Work request. Give back, exactly as written, the lines from the beginning of the listing through the one that contains "tree height: < 5 m".

Material shown.
- - - - - - -

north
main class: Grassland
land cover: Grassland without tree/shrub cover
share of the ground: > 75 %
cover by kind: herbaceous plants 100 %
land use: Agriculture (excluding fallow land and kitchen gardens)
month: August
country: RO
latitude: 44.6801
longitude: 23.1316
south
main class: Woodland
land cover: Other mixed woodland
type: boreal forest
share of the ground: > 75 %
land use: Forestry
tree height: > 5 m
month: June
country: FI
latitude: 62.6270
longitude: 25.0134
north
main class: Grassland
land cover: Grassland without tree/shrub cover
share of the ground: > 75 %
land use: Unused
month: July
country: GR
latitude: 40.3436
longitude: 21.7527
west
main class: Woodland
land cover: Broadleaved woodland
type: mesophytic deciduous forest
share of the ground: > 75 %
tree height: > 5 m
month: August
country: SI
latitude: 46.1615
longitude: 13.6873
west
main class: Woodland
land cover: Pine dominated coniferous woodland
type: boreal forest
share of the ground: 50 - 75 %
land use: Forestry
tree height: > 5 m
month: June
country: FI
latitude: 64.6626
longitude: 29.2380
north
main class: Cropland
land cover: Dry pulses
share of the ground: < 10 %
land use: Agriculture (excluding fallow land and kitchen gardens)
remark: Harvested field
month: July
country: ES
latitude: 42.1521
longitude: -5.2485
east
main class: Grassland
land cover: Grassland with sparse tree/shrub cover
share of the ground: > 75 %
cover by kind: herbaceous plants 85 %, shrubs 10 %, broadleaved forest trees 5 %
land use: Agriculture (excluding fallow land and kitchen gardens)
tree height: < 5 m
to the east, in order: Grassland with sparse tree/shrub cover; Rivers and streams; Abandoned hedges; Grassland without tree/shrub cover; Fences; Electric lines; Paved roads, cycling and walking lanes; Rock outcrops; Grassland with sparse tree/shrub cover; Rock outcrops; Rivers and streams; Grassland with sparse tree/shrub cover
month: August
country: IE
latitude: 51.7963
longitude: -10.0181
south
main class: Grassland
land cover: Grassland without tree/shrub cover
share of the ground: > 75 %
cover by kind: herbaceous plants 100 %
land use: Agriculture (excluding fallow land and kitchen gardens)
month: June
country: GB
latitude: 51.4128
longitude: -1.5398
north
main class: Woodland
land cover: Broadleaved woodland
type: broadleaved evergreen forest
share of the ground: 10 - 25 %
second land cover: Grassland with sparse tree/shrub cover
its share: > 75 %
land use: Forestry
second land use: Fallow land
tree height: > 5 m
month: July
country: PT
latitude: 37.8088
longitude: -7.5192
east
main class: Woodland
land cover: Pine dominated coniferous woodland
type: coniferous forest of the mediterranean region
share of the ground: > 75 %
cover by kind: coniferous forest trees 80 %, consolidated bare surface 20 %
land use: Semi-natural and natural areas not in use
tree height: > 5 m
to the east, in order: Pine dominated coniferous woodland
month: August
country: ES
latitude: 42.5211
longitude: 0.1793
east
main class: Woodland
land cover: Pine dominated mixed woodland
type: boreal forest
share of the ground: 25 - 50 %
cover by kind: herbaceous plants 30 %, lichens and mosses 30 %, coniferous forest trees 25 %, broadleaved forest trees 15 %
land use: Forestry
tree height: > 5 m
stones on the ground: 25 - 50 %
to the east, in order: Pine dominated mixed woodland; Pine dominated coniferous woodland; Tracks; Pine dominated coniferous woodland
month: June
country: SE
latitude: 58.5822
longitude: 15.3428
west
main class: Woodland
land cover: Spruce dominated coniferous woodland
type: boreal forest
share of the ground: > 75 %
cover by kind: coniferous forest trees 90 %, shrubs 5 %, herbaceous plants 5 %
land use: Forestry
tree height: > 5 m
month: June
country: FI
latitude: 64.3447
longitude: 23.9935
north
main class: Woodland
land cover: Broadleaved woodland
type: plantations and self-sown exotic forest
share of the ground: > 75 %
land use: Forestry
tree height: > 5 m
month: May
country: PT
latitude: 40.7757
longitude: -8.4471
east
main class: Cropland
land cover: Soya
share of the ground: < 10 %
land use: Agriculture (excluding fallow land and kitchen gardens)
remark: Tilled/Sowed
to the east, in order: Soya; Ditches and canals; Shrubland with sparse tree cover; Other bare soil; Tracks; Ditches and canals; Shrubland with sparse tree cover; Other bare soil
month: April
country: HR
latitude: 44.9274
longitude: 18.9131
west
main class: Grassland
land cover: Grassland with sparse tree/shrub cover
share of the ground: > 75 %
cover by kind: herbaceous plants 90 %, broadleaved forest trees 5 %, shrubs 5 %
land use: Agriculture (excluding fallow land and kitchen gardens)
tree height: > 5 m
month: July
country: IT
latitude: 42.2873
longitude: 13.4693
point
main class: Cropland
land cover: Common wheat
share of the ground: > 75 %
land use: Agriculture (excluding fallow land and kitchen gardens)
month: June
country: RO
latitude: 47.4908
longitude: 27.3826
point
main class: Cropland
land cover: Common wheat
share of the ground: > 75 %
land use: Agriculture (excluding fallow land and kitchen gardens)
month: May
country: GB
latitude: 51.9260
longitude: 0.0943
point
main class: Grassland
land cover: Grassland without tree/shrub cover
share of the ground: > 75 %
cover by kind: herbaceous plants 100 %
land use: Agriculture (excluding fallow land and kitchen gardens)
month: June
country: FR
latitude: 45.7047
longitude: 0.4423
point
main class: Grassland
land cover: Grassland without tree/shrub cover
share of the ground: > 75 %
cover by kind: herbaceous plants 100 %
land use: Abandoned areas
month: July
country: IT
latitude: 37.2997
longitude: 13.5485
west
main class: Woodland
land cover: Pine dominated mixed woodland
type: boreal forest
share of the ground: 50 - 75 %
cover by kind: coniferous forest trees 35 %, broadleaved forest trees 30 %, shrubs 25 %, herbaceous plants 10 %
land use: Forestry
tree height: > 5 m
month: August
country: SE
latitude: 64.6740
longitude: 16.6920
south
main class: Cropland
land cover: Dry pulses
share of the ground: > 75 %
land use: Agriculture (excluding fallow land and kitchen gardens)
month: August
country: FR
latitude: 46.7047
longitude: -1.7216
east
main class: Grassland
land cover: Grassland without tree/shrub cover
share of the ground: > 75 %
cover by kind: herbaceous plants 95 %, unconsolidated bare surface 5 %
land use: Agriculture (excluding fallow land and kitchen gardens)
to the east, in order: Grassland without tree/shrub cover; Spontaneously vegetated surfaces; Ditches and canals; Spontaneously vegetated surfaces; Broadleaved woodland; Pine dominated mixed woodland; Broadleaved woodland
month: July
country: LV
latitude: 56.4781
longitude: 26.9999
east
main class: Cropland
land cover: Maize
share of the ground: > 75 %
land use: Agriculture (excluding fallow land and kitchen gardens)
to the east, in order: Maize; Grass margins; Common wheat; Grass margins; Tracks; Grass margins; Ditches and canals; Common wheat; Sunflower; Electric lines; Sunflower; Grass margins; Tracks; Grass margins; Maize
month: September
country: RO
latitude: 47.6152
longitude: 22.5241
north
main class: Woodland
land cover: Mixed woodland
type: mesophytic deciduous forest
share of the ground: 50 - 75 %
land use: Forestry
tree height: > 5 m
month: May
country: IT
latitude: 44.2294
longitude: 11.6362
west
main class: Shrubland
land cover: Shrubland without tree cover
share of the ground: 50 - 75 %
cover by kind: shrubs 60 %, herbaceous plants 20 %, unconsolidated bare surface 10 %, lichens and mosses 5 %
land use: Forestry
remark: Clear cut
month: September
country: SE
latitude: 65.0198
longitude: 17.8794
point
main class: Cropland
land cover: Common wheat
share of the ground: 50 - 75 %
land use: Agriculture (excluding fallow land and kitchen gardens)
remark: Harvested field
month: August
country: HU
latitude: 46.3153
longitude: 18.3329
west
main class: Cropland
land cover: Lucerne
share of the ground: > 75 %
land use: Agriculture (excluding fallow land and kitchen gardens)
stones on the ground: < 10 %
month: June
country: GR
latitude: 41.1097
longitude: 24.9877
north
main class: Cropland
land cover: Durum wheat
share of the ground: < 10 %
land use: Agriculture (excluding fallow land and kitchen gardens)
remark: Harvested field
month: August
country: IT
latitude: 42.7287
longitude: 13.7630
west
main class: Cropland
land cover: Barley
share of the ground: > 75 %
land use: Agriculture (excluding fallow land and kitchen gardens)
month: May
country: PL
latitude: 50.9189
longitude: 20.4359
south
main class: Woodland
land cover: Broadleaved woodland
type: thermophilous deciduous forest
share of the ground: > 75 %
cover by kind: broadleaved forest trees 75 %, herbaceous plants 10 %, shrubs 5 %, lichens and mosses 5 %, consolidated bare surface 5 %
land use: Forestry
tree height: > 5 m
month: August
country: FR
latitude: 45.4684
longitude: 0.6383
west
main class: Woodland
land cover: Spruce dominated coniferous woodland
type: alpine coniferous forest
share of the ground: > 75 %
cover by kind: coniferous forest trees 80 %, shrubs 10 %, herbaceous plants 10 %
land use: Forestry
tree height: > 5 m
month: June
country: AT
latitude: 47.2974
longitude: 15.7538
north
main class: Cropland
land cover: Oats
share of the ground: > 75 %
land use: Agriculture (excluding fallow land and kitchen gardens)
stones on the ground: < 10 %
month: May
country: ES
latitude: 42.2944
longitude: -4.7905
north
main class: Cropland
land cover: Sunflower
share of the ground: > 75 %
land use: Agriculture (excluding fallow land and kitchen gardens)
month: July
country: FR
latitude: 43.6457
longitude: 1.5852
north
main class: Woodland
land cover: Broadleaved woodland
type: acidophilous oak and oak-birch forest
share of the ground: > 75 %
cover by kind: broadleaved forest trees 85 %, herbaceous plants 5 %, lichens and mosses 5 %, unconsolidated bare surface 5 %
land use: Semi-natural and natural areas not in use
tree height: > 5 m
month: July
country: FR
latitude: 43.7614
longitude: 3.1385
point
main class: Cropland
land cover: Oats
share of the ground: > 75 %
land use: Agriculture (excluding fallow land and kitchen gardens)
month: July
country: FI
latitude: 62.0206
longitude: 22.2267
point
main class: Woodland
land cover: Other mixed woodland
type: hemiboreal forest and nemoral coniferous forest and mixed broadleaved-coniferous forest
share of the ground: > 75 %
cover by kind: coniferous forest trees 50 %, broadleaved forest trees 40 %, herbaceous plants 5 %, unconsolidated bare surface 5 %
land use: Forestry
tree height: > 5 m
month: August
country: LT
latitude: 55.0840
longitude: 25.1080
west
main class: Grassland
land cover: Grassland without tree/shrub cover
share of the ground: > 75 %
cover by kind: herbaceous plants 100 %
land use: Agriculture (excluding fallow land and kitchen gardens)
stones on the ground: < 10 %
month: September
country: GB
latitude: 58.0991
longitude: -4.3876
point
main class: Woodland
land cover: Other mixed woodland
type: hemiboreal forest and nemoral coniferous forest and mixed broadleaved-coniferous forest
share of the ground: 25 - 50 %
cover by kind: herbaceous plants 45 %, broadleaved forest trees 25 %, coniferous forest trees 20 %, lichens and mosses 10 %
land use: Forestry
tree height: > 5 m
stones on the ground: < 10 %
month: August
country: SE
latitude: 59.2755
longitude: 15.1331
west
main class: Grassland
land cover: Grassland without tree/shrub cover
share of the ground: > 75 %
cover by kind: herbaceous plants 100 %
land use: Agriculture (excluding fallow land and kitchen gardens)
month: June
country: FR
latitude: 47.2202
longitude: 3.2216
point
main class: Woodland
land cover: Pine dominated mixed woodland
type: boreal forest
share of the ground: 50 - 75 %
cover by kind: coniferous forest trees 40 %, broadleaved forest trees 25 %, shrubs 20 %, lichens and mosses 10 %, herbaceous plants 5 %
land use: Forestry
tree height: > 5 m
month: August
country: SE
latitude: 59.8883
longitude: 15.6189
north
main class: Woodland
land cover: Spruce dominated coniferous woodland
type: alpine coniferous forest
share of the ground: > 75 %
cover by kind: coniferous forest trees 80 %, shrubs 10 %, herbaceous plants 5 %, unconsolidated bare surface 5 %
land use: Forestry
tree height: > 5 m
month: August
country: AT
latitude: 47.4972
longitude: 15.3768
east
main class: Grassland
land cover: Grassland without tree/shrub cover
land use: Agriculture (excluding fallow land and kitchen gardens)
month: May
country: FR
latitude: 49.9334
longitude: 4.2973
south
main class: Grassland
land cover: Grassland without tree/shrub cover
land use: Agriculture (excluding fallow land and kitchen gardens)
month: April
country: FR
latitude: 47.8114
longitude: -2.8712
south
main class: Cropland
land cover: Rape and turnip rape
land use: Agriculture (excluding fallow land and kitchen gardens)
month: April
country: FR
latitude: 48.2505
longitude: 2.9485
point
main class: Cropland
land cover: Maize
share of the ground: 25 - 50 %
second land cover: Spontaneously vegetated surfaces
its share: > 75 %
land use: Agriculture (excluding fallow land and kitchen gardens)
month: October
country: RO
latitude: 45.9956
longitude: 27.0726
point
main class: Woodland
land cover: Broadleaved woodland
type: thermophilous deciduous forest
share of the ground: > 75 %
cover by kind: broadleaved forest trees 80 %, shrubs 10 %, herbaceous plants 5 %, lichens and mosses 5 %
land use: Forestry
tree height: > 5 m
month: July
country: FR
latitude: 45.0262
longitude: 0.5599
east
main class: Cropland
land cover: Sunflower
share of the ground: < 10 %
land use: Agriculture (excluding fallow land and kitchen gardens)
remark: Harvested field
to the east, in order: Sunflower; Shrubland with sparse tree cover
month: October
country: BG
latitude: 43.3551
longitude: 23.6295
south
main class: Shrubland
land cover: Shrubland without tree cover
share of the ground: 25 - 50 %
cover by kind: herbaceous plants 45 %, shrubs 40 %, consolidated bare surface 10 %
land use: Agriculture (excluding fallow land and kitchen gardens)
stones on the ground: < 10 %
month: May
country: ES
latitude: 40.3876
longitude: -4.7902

- - - - - - -

Solved problem.
north
main class: Grassland
land cover: Grassland without tree/shrub cover
share of the ground: > 75 %
cover by kind: herbaceous plants 100 %
land use: Agriculture (excluding fallow land and kitchen gardens)
month: August
country: RO
latitude: 44.6801
longitude: 23.1316
south
main class: Woodland
land cover: Other mixed woodland
type: boreal forest
share of the ground: > 75 %
land use: Forestry
tree height: > 5 m
month: June
country: FI
latitude: 62.6270
longitude: 25.0134
north
main class: Grassland
land cover: Grassland without tree/shrub cover
share of the ground: > 75 %
land use: Unused
month: July
country: GR
latitude: 40.3436
longitude: 21.7527
west
main class: Woodland
land cover: Broadleaved woodland
type: mesophytic deciduous forest
share of the ground: > 75 %
tree height: > 5 m
month: August
country: SI
latitude: 46.1615
longitude: 13.6873
west
main class: Woodland
land cover: Pine dominated coniferous woodland
type: boreal forest
share of the ground: 50 - 75 %
land use: Forestry
tree height: > 5 m
month: June
country: FI
latitude: 64.6626
longitude: 29.2380
north
main class: Cropland
land cover: Dry pulses
share of the ground: < 10 %
land use: Agriculture (excluding fallow land and kitchen gardens)
remark: Harvested field
month: July
country: ES
latitude: 42.1521
longitude: -5.2485
east
main class: Grassland
land cover: Grassland with sparse tree/shrub cover
share of the ground: > 75 %
cover by kind: herbaceous plants 85 %, shrubs 10 %, broadleaved forest trees 5 %
land use: Agriculture (excluding fallow land and kitchen gardens)
tree height: < 5 m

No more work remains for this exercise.